I'll be honest with you. You sound (no pun intended) pretty green in this area. You've got the drive and ambition, but it's clear you are not sitting on piles of rare records and you don't sound like you're super knowledgeable in that area either. You don't have to know everything, but it seems like it would be helpful if that's the business you're jumping into.
My suggestion would be for you to hit up some of the power sellers on this board and maybe some store owners to get some direct input. It would also be beneficial to try to get someone on board with you, as a consultant or even an employee. If you're serious about doing it right, then learn how to do it right. There are people on this board who know how to sell records really well and they know what they are doing. It would be wise to get someone on board with you as opposed to soaking up some random suggestions from a message board.
If you're serious about it being THE SHIT and not just some random online record spot then you'll need a serious web designer who can handle it. Like people said, if it was like a combo of gemm and ebay then it would already look familiar and people would get the idea right away.
Pull the terds off the shelves now. Start fresh. Try to get some quality records up there. Get someone to help you if you don't know. When you said you knew someone who claimed to have rare stuff it sounded so iffy. Get someone in with you who can actually help you, otherwise you'll get robbed.
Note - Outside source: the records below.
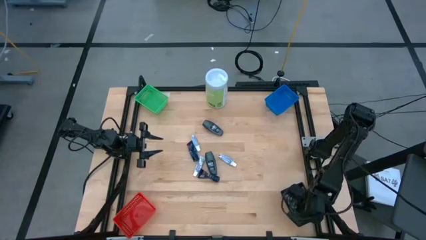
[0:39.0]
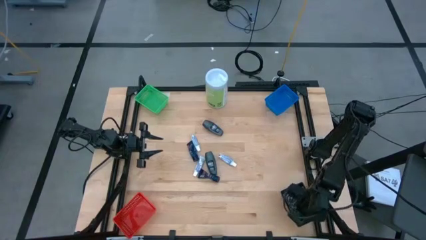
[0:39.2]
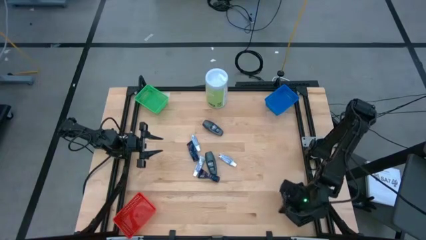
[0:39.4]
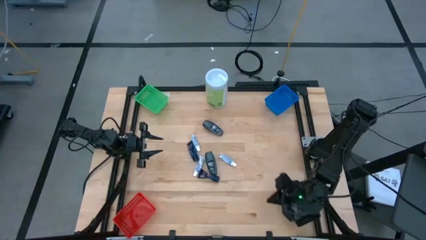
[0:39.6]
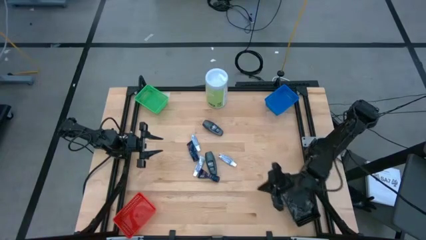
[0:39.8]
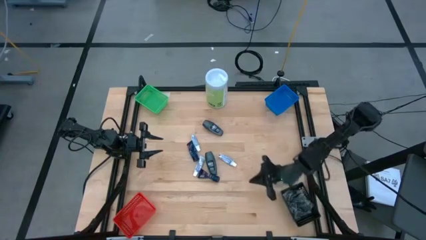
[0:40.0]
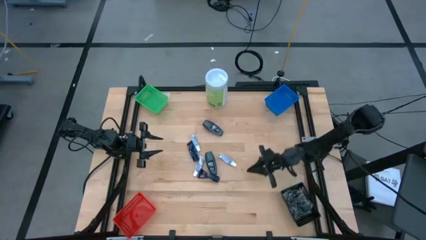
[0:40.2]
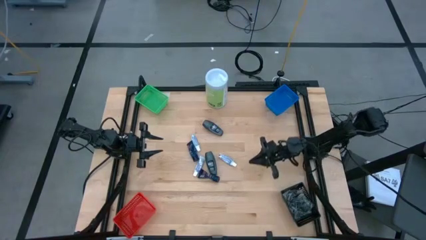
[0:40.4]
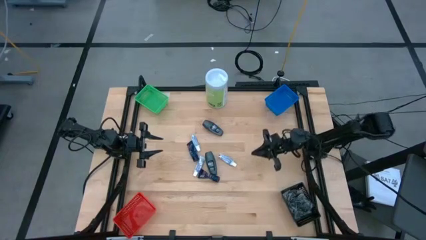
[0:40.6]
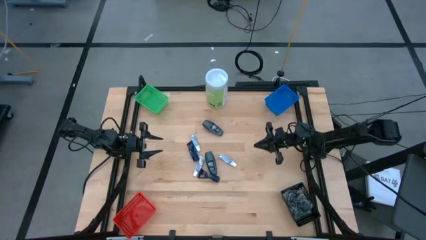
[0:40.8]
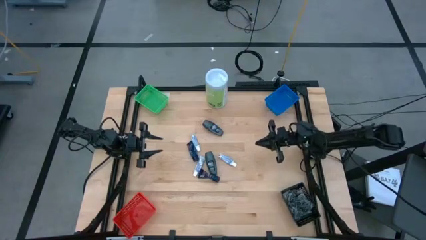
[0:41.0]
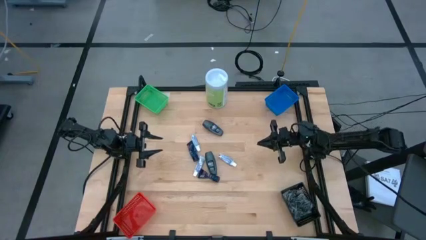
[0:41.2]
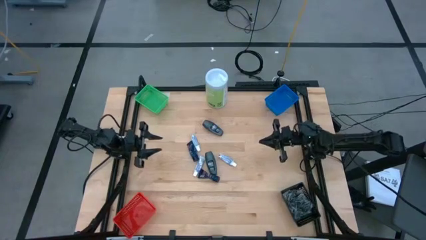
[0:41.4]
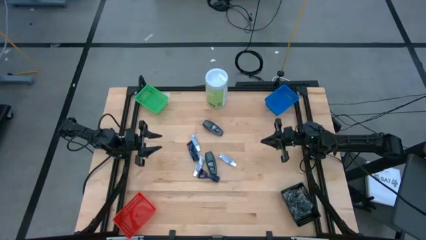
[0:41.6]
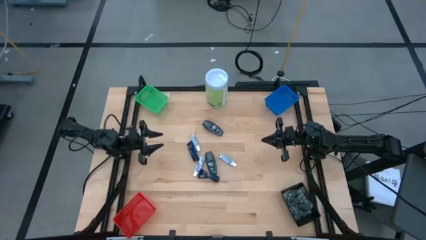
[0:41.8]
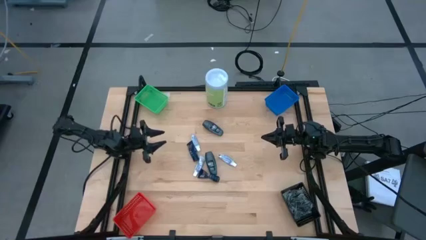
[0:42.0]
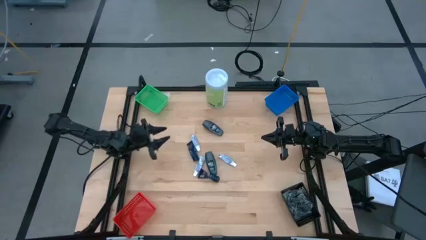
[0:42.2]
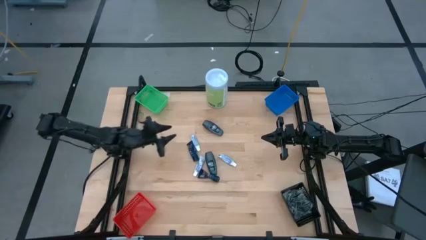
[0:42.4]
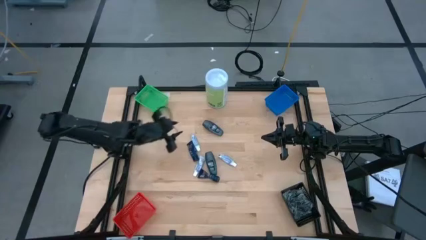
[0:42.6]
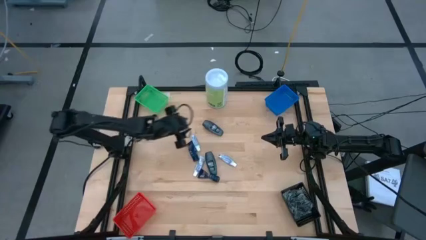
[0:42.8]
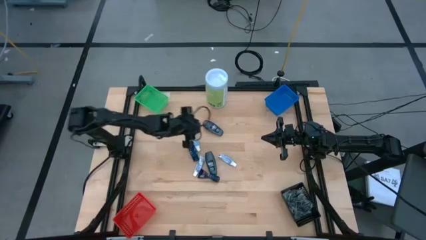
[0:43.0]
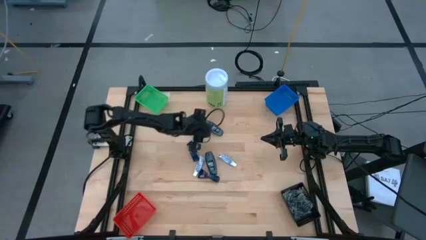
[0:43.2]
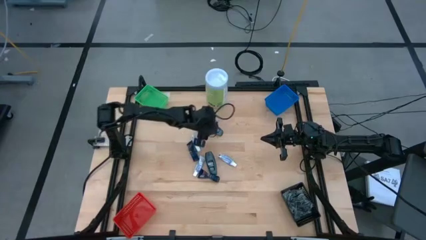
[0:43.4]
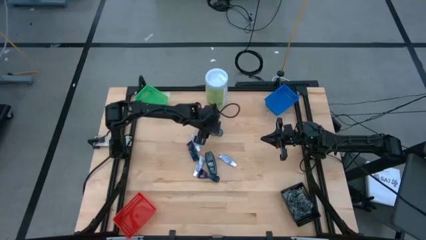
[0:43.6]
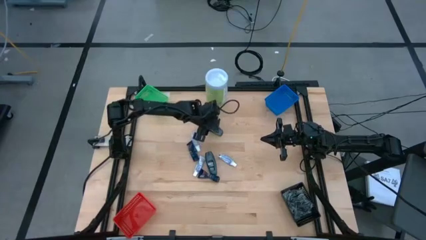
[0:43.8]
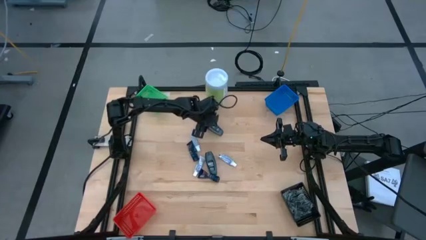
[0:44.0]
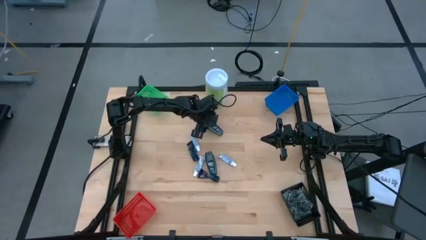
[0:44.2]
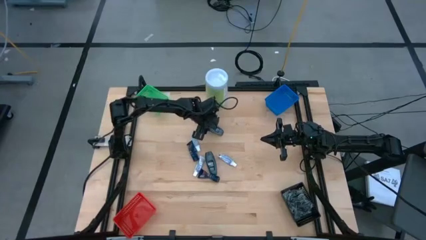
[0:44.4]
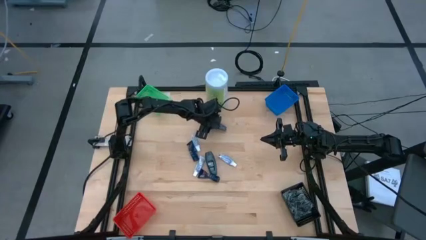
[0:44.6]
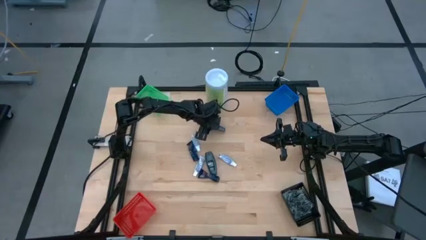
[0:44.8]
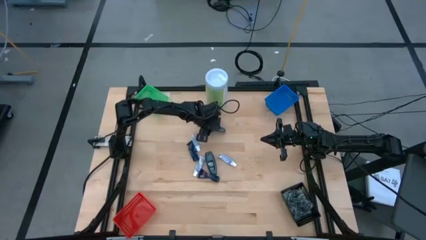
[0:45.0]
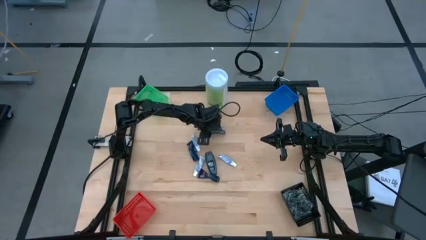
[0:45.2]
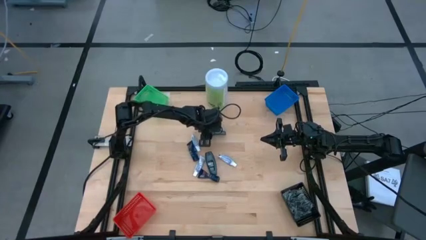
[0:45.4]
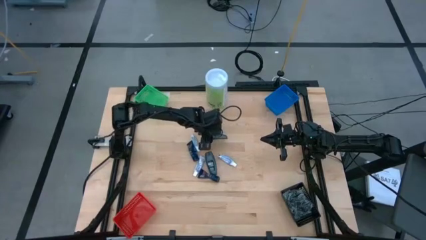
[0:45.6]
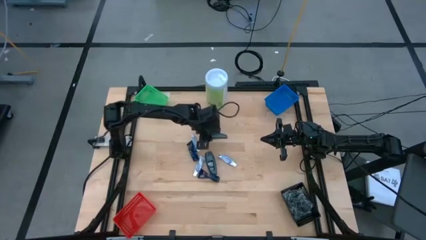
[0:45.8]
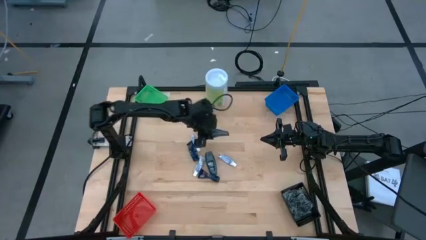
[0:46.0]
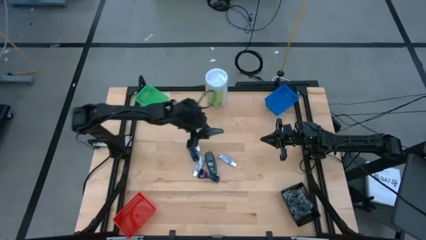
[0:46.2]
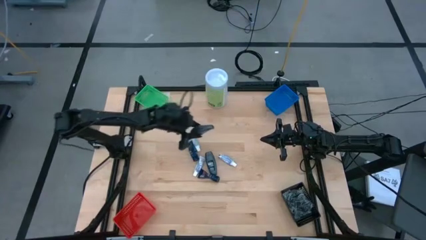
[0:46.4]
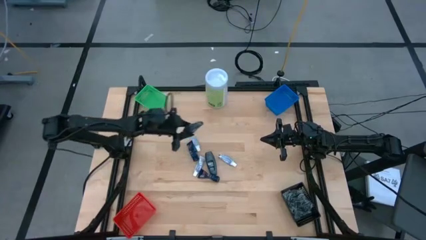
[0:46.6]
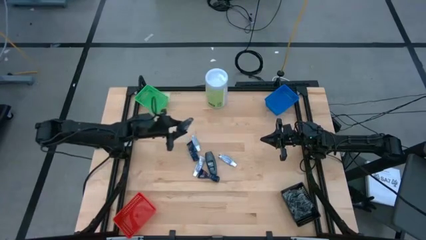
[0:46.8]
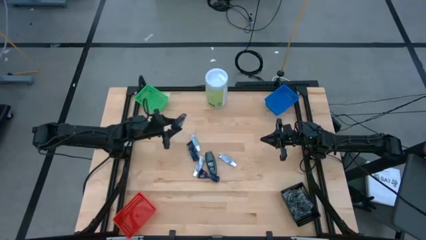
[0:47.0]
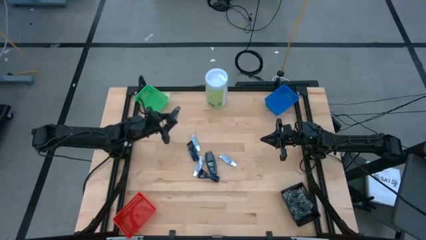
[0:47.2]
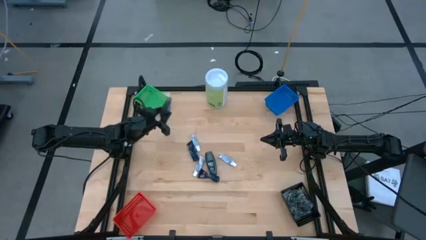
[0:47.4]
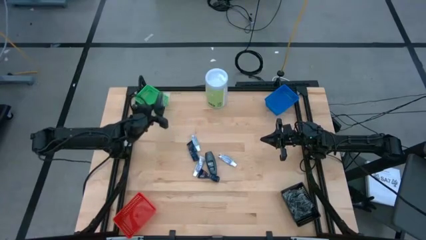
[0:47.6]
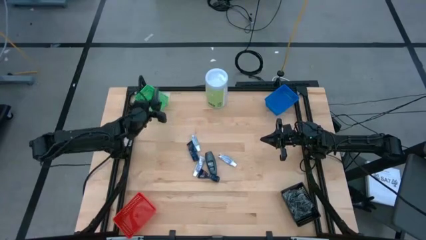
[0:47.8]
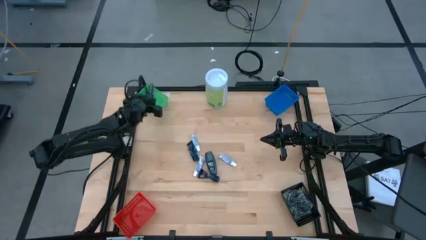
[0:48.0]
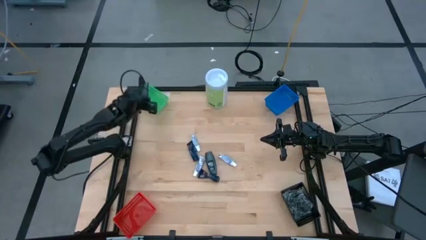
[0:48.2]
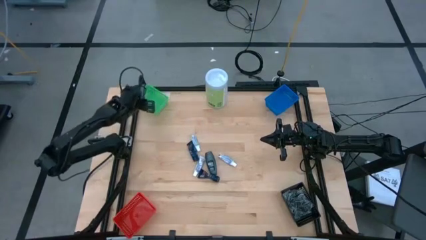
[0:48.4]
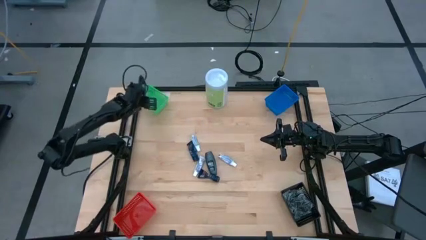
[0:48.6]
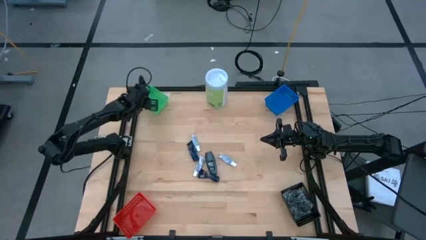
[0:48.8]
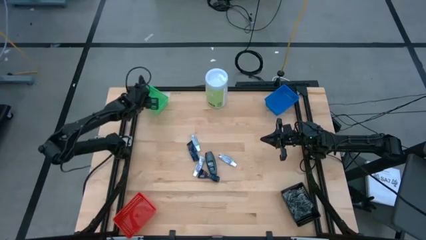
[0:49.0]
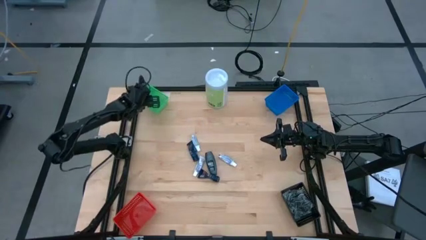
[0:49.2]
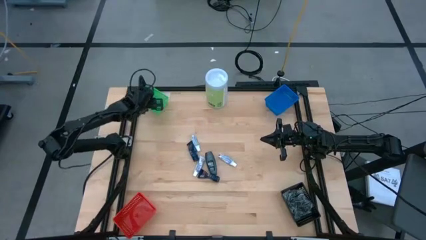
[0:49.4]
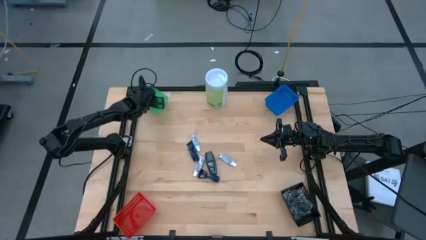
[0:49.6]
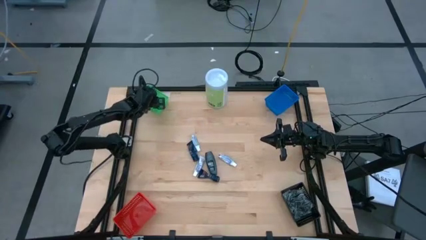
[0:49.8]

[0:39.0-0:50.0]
Task: Pick & Place Travel size toiletries
Put the top black deodorant into the green bin

The crux to any record store is influx. A seller who knows his market is the key to its longevity, but if you do not have a constantly good (or even just fresh) selection, folks WILL go elsewhere, no matter if you have the most functional site in the world. You need to be up on trends and know how to GET THAT SHIT. With record supply on the decline and relative, current pricing and demand on the rise (due in part to factors like internet exposure and the state of modern music protracting old music beyond its years), you need to make contacts with the big guns.
Also: NO BETA VERSIONS. Sellers might be turned on by the prospect of no listing fees (still not sure how you make money from this, other than high S&H), but an untested, unpopulated site looks bush-league. I'm not attempting to be an asshole, but no reputable power seller would want to associated with your site currently. Take your site down, and retool using the suggestions of, say, 20 major sellers. Get a good stock of records, and then RELAUNCH. My 2??: you should be content to settle for being a 2nd-rate musicstack.com- or gemm.com-type within your first 5 years. Known sellers (like Craig Moerer) often list one record on multiple sites at once. Your goal should be to become one of those multiple sites, and then, when so established, decide whether to break off or not. Build on the back of established sellers' records and give them a reason to use your site to boost their bottom line. You wouldn't want to be seen as a competitor in this scenario - just a facilitator.
Another point: If you are not willing to make this your career, stop right now. The fact that your site USED TO exist for - did you say three years? - and few (if any) of us knew about it means something. SoulStrut isn't the brain center or end-all-be-all of the collecting industry, or anything, but many of us, including myself, know shit about shit when it comes to music and the vinyl it's pressed on. Most of us have egos that will be stoked by appealing to our knowledge. You have witnessed this in action for the past day. Use that honey. Get them flies.
In all seriousness, dude, please take some time to think abut this. Do not rush into throwing together an auction site without doing the proper groundwork on the business side. Getting auction software into a site is the easy bit.
This is perhaps a bigger problem. There is much that I will never know about music and collecting - despite my best efforts - but there are literally millions of desirable LPs i the world. Saying "Palebo? Check." and approaching it like a listed-point task demonstrates your lack of foresight into records as they are bought and sold. What happens when you buy Ball Of Eyes for several hundred dollars and sell it for a profit of as much as $75? Do you pay a fraction of your rent for that month and feel happy? Or do you have a way to get hundreds of three-figure raers per year?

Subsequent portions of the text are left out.